**Information:**
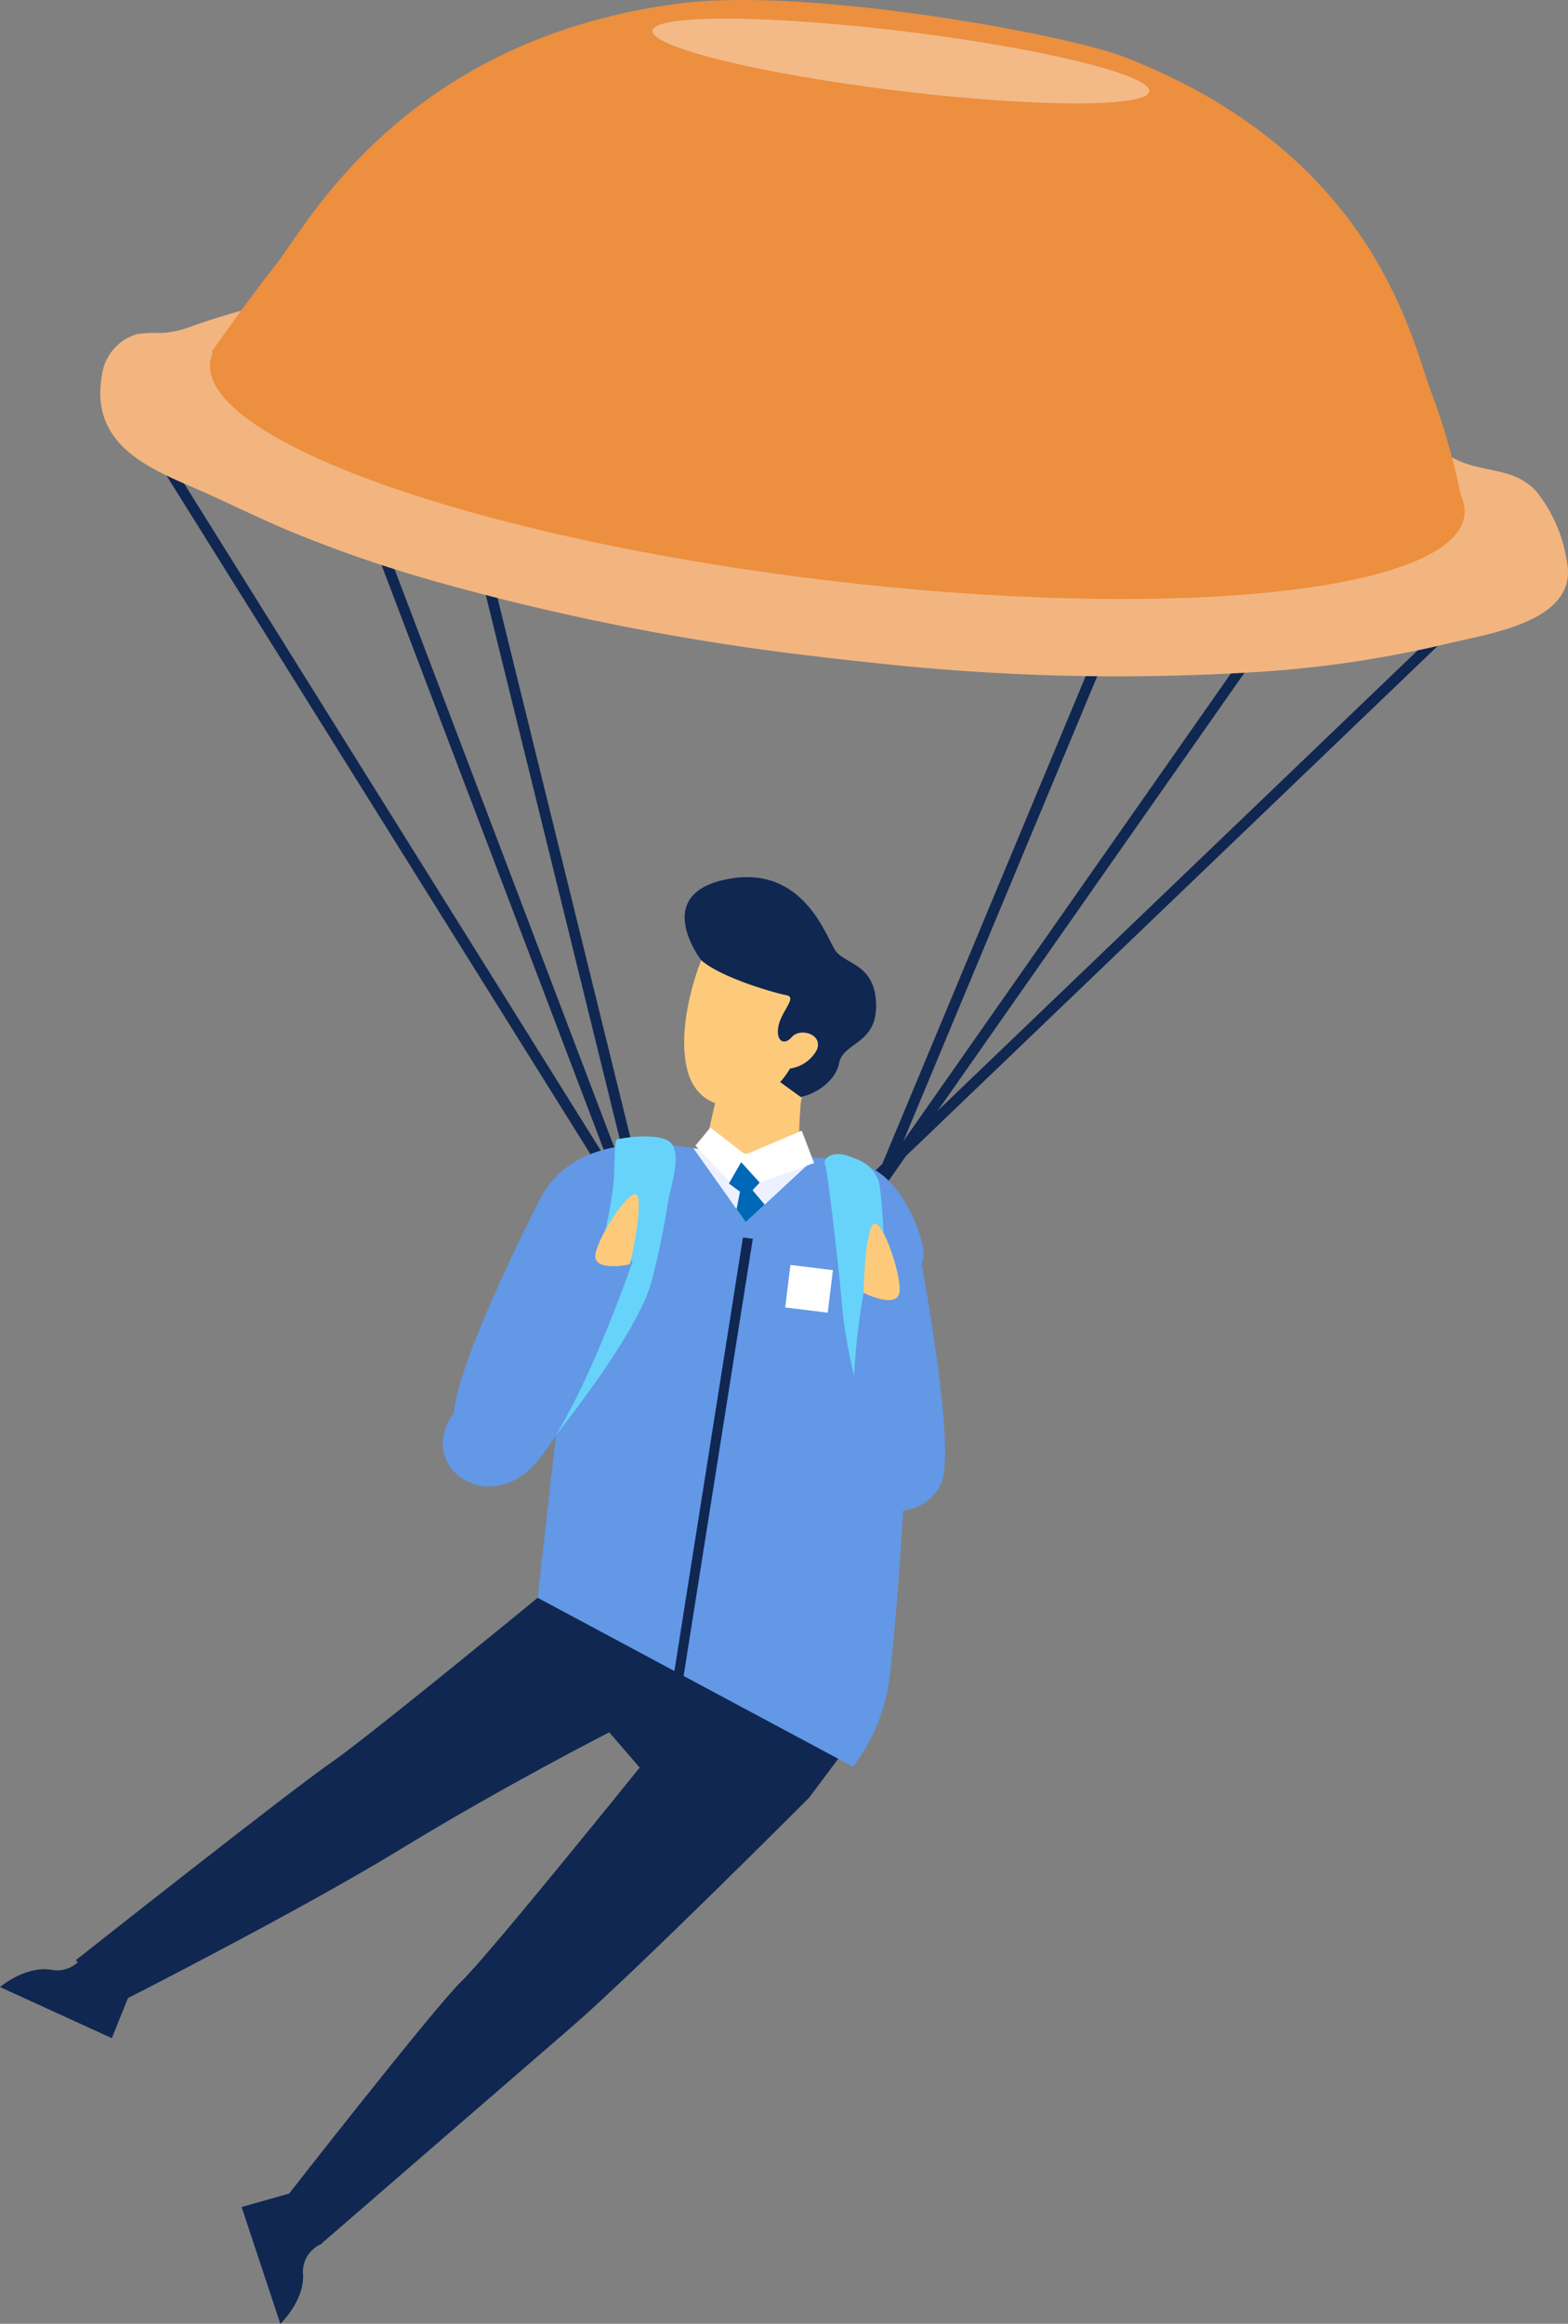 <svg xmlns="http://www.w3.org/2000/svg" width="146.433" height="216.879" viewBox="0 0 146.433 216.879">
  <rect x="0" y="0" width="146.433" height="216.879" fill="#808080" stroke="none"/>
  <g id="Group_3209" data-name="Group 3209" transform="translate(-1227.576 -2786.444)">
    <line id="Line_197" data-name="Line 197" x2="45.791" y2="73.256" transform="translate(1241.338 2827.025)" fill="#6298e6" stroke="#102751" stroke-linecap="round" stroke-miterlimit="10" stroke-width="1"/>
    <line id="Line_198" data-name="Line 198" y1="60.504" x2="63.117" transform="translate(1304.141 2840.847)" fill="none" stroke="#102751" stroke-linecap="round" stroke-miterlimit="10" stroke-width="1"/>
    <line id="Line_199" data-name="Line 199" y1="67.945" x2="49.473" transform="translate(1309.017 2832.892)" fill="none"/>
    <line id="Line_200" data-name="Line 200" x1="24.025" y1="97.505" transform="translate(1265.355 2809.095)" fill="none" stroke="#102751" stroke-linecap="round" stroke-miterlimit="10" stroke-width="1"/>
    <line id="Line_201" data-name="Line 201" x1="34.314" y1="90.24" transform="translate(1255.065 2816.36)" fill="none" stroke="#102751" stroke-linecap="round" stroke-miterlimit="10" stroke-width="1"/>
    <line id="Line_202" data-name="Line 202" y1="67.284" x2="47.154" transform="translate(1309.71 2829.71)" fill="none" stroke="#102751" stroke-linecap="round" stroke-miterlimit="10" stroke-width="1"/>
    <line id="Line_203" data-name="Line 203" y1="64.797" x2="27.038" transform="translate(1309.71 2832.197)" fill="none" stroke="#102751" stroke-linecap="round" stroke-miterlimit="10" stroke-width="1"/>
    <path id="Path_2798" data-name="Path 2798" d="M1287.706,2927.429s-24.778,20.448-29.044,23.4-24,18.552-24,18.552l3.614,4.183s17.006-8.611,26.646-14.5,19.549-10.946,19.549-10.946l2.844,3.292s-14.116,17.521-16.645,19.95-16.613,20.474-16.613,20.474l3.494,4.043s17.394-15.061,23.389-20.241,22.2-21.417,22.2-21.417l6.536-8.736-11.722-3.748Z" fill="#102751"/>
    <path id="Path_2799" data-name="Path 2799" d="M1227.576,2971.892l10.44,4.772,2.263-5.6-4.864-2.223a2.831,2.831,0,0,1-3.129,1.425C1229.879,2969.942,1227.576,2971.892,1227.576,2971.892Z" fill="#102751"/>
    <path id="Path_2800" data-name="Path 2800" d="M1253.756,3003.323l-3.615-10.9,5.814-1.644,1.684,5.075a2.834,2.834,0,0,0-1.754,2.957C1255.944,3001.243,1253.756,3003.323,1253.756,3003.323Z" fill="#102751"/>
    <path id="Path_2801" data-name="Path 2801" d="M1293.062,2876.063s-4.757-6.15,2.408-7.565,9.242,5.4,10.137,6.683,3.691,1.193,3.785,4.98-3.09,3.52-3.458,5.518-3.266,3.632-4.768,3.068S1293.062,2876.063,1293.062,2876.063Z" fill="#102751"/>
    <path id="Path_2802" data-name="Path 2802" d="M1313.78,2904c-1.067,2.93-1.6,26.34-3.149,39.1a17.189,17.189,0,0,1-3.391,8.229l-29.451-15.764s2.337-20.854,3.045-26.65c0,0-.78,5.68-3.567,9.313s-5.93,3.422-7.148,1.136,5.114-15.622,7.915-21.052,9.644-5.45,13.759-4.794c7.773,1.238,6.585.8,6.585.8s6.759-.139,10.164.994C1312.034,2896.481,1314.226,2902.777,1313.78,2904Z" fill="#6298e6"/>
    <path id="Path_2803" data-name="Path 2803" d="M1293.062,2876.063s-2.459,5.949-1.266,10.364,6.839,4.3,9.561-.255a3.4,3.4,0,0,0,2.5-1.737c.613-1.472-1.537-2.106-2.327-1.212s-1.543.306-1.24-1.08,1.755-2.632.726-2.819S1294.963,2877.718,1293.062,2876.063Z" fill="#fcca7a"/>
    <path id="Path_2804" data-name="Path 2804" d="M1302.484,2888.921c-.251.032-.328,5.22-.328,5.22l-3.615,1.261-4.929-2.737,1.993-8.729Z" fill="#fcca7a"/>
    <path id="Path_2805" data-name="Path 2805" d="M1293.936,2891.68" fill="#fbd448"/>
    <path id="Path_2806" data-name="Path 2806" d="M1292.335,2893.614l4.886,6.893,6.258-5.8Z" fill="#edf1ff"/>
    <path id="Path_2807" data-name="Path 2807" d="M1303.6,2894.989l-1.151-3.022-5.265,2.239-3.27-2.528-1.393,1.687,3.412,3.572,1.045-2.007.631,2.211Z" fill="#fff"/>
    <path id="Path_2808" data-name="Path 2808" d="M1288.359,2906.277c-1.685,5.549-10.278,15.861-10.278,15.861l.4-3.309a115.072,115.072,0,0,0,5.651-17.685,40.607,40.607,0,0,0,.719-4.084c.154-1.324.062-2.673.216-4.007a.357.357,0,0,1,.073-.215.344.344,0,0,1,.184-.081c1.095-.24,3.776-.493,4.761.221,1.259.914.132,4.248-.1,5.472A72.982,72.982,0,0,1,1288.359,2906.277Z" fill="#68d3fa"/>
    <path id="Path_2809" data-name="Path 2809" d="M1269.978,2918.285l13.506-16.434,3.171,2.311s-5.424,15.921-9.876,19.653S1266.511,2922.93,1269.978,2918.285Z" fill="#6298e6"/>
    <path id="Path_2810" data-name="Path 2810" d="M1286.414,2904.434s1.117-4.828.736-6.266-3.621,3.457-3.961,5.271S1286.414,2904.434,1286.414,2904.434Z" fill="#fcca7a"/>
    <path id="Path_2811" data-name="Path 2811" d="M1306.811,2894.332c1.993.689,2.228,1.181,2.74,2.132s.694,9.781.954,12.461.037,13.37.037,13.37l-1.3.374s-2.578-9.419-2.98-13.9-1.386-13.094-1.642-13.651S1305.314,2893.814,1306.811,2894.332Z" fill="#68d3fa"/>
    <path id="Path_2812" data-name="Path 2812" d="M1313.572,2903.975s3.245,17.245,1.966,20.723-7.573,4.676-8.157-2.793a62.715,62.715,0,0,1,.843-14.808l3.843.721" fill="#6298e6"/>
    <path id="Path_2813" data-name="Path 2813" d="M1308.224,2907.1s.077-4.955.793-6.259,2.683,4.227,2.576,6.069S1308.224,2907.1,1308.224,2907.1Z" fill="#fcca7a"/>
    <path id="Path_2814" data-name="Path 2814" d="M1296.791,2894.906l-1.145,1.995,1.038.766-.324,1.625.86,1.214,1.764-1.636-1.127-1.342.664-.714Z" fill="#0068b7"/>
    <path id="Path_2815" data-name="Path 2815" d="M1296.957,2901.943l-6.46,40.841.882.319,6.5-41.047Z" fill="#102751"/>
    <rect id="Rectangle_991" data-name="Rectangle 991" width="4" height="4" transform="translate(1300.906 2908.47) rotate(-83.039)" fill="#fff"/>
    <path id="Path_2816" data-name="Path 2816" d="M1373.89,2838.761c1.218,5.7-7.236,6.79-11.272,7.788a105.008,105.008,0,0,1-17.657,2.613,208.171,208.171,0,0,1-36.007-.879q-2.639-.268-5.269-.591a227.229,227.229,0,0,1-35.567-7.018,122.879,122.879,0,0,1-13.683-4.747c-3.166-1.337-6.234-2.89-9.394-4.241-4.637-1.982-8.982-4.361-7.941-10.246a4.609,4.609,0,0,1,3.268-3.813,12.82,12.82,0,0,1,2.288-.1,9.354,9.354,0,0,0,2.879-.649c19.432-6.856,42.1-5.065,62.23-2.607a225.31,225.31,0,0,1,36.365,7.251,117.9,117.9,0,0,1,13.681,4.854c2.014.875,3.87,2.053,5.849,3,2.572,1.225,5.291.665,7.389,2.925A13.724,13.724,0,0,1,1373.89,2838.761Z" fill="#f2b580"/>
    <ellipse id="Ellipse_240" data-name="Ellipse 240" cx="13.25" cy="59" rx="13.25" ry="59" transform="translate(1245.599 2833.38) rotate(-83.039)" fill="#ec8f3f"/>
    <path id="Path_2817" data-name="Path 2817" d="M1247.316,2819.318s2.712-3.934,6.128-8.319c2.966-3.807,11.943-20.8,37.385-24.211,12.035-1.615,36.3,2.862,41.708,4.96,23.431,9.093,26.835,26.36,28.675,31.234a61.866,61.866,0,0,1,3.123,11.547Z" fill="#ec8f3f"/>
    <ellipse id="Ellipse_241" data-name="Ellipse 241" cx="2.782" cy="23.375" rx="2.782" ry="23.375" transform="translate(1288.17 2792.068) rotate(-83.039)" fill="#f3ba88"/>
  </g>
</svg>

**Task details:**
Work out how many lines in the material above include the word "ellipse", and write down that number alone.

**Task result:**
2